**Source material**
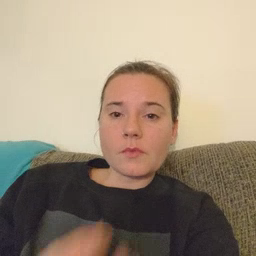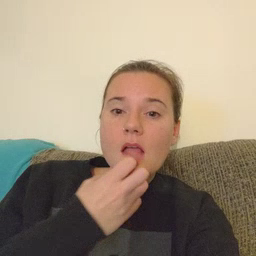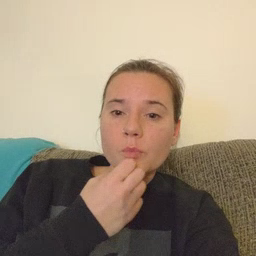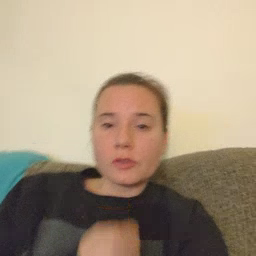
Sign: underwear
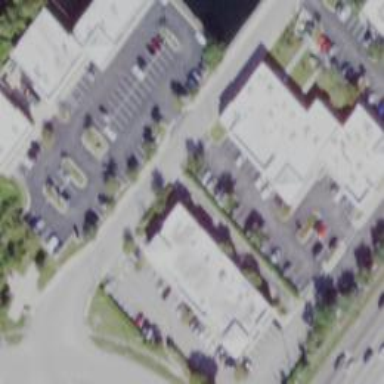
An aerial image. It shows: Road serving as parking aisle.
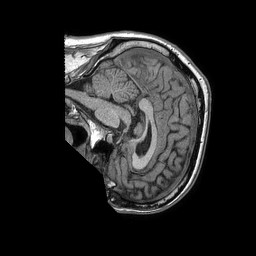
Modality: T1w
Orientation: sagittal
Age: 60
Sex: male
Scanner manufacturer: philips
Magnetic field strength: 1.5 T
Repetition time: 0.007472 s
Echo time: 0.003403 s
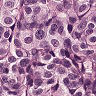
Metastatic tissue present: yes
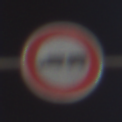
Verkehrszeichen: VerbotLastkraftwagenMitAnhaenger
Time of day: Night
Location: Outdoor (Urban)
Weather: PartlyCloudy
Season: NotSpecified
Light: Artificial
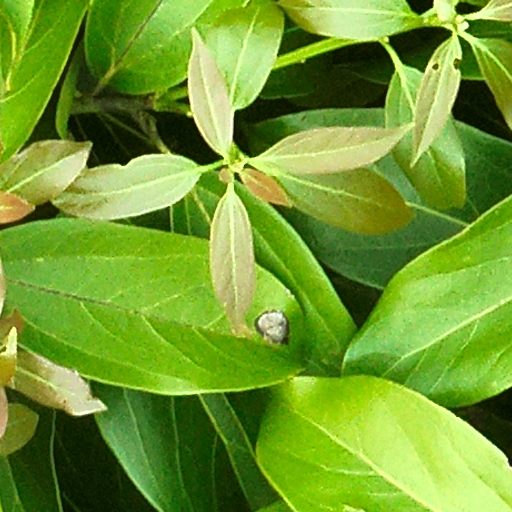
Species: Aiouea montana
GBIF accepted scientific name: Aiouea montana
Crown area (m\u00b2): 39.664

**What is being asked**
Exclude the pictures, then retype every record exactly.

**Result of this task**
Sign: underwear
An aerial image. It shows: Road serving as parking aisle.
Modality: T1w
Orientation: sagittal
Age: 60
Sex: male
Scanner manufacturer: philips
Magnetic field strength: 1.5 T
Repetition time: 0.007472 s
Echo time: 0.003403 s
Metastatic tissue present: yes
Verkehrszeichen: VerbotLastkraftwagenMitAnhaenger
Time of day: Night
Location: Outdoor (Urban)
Weather: PartlyCloudy
Season: NotSpecified
Light: Artificial
Species: Aiouea montana
GBIF accepted scientific name: Aiouea montana
Crown area (m\u00b2): 39.664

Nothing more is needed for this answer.